▸ **MATERIAL FOR THE TASK**:
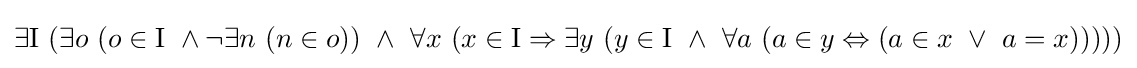
\exists \mathrm {I} \ (\exists o\ (o\in \mathrm {I} \ \land \lnot \exists n\ (n\in o))\ \land \ \forall x\ (x\in \mathrm {I} \Rightarrow \exists y\ (y\in \mathrm {I} \ \land \ \forall a\ (a\in y\Leftrightarrow (a\in x\ \lor \ a=x)))))
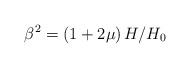
LaTeX: \begin{align*}\beta ^{2}=\left( 1+2\mu \right) H/H_{0}\; \end{align*}
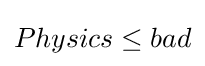
Physics\leq bad
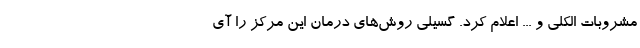
مشروبات الکلی و ... اعلام کرد. گسیلی روش‌های درمان این مرکز را آی
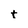
Character: t
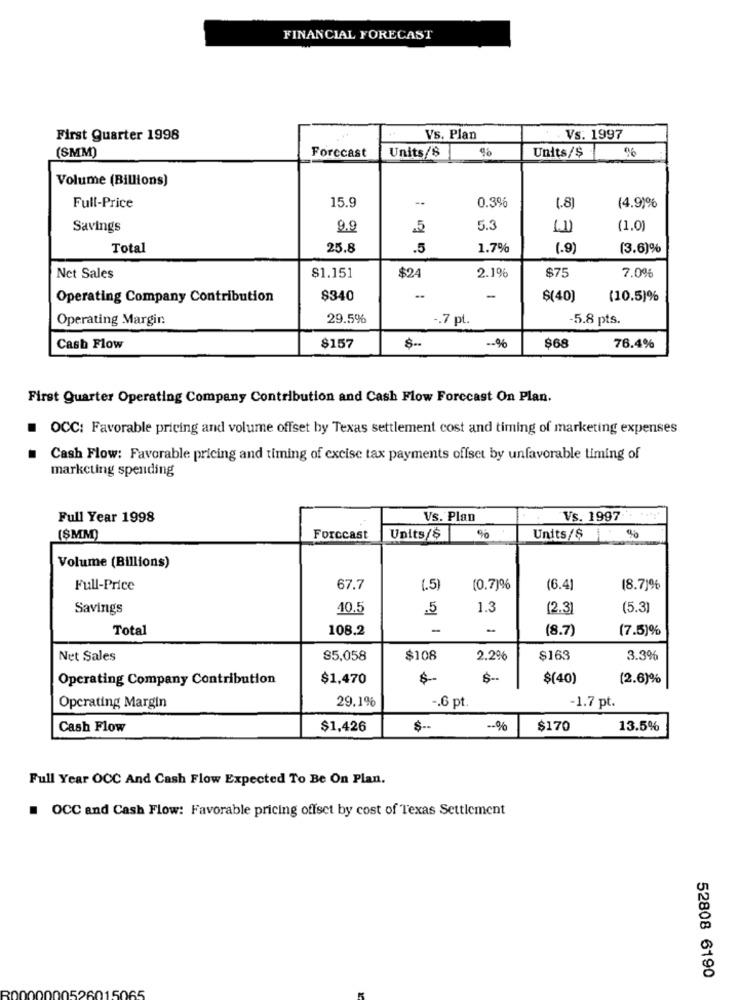
FINANCIAL FORECAST
First Quarter 1998
Vs. Plan
Vs: 1997
(SMM)
Units/$
%
Forecast
Units/$
Volume (Billions)
15.9
--
0.3%
Full-Price
(.8)
(4.9)%
Savings
9.9
.5
5.3
(1.0)
Total
25.8
.5
1.7%
(.9)
(3.6)%
Net Sales
$1.151
$75
$24
2.1%
7.0%
Operating Company Contribution
$340
$(40)
(10.5)%
Operating Margin
29.5%
-. 7 pt.
-5.8 pts.
Cash Flow
8157
-- %
$68
76.4%
First Quarter Operating Company Contribution and Cash Flow Forecast On Plan.
OCC: Favorable pricing and volume offset by Texas settlement cost and timing of marketing expenses
Cash Flow: Favorable pricing and timing of excise tax payments offset by unfavorable timing of
marketing spending
Full Year 1998
Vs. Plan
Vs. 1997
(SMM)
Forecast
Units/$
90
Units/$
Volume (Billions)
Full-Price
67.7
(.5)
(0.7)%
(6.4]
(8.7)%
Savings
40.5
.5
1.3
(2.3)
(5.3]
Total
108.2
-
(8.7)
(7.5)%
Net Sales
85,058
$108
2.2%
$163
3.3%
Operating Company Contribution
$1,470
en
$(40)
(2.6)%
29.1%
-. 6 pt.
Operating Margin
-1.7 pt.
Cash Flow
$1,426
$-
-- %
$170
13.5%
Full Year OCC And Cash Flow Expected To Be On Plan.
OCC and Cash Flow: Favorable pricing offset by cost of Texas Settlement
52808 6190
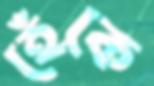
হেঁকে
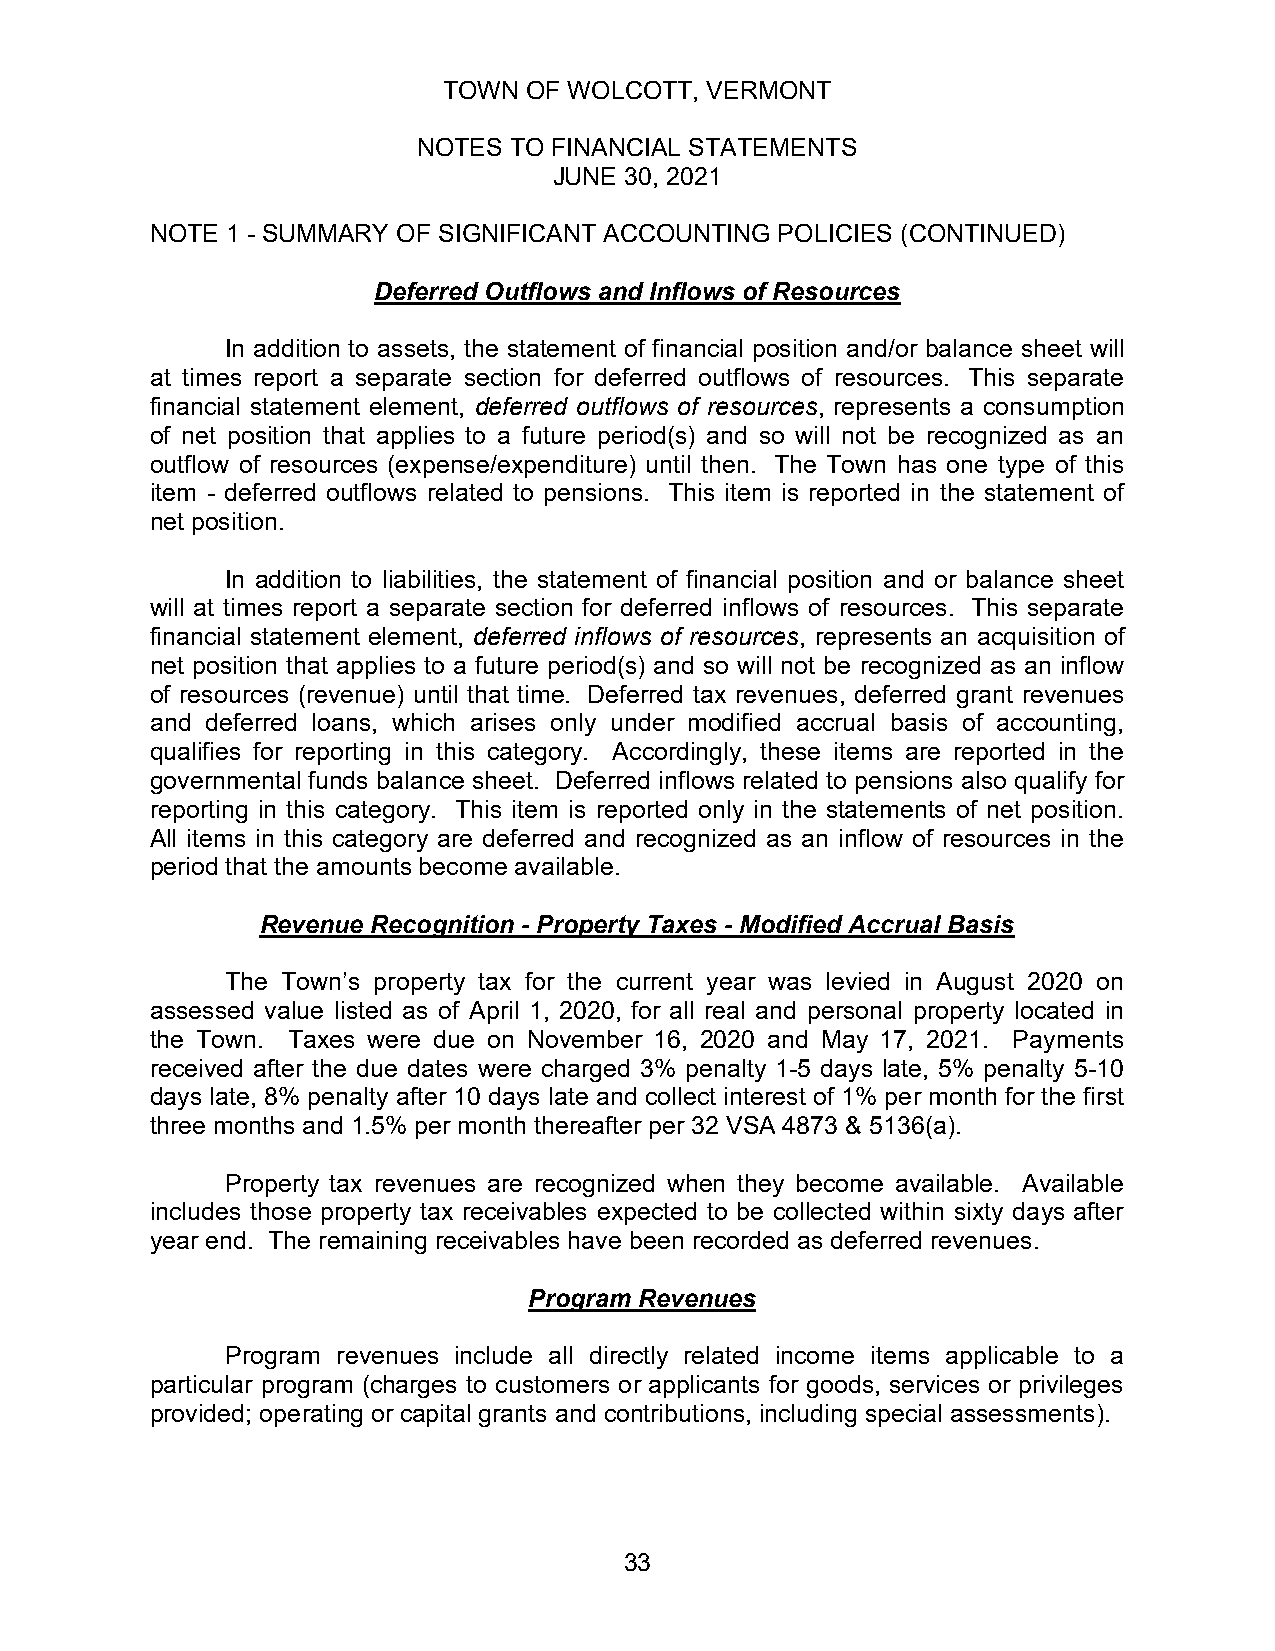
TOWN  OF WOLCOTT, VERMONT
 NOTES TO FINANCIAL STATEMENTS
 JUNE 30, 2021
 NOTE 1 - SUMMARY OF SIGNIFICANT ACCOUNTING POLICIES (CONTINUED)
 Deferred Outflows and Inflows of Resources
 In addition to assets, the statement of financial position and/or balance sheet will
 at times report a separate section for deferred outflows of resources. This separate
 financial statement element, deferred outflows of resources, represents a consumption
 of net position that applies to a future period(s) and so will not be recognized as an
 outflow of resources (expense/expenditure) until then. The Town has one type of this
 item - deferred outflows related to pensions. This item is reported in the statement of
 net position.
 In addition to liabilities, the statement of financial position and or balance sheet
 will at times report a separate section for deferred inflows of resources. This separate
 financial statement element, deferred inflows of resources, represents an acquisition of
 net position that applies to a future period(s) and so will not be recognized as an inflow
 of resources (revenue) until that time. Deferred tax revenues, deferred grant revenues
 and deferred loans, which arises only under modified accrual basis of accounting,
 qualifies for reporting in this category. Accordingly, these items are reported in the
 governmental funds balance sheet. Deferred inflows related to pensions also qualify for
 reporting in this category. This item is reported only in the statements of net position.
 All items in this category are deferred and recognized as an inflow of resources in the
 period that the amounts become available.
 Revenue Recognition - Property Taxes - Modified Accrual Basis
 The Town’s property tax for the current year was levied in August 2020 on
 assessed value listed as of April 1, 2020, for all real and personal property located in
 the Town. Taxes were due on November 16, 2020 and May 17, 2021. Payments
 received after the due dates were charged 3% penalty 1-5 days late, 5% penalty 5-10
 days late, 8% penalty after 10 days late and collect interest of 1% per month for the first
 three months and 1.5% per month thereafter per 32 VSA 4873 & 5136(a).
 Property tax revenues are recognized when they become available. Available
 includes those property tax receivables expected to be collected within sixty days after
 year end. The remaining receivables have been recorded as deferred revenues.
 Program Revenues
 Program revenues include all directly related income items applicable to a
 particular program (charges to customers or applicants for goods, services or privileges
 provided; operating or capital grants and contributions, including special assessments).
 33

▸ **WORK ORDER**: Please filter the entries for the word "sheet" and copy the lines that have it.

▸ **WRITTEN REPLY**:
 In addition to assets, the statement of financial position and/or balance sheet will
 In addition to liabilities, the statement of financial position and or balance sheet
 governmental funds balance sheet. Deferred inflows related to pensions also qualify for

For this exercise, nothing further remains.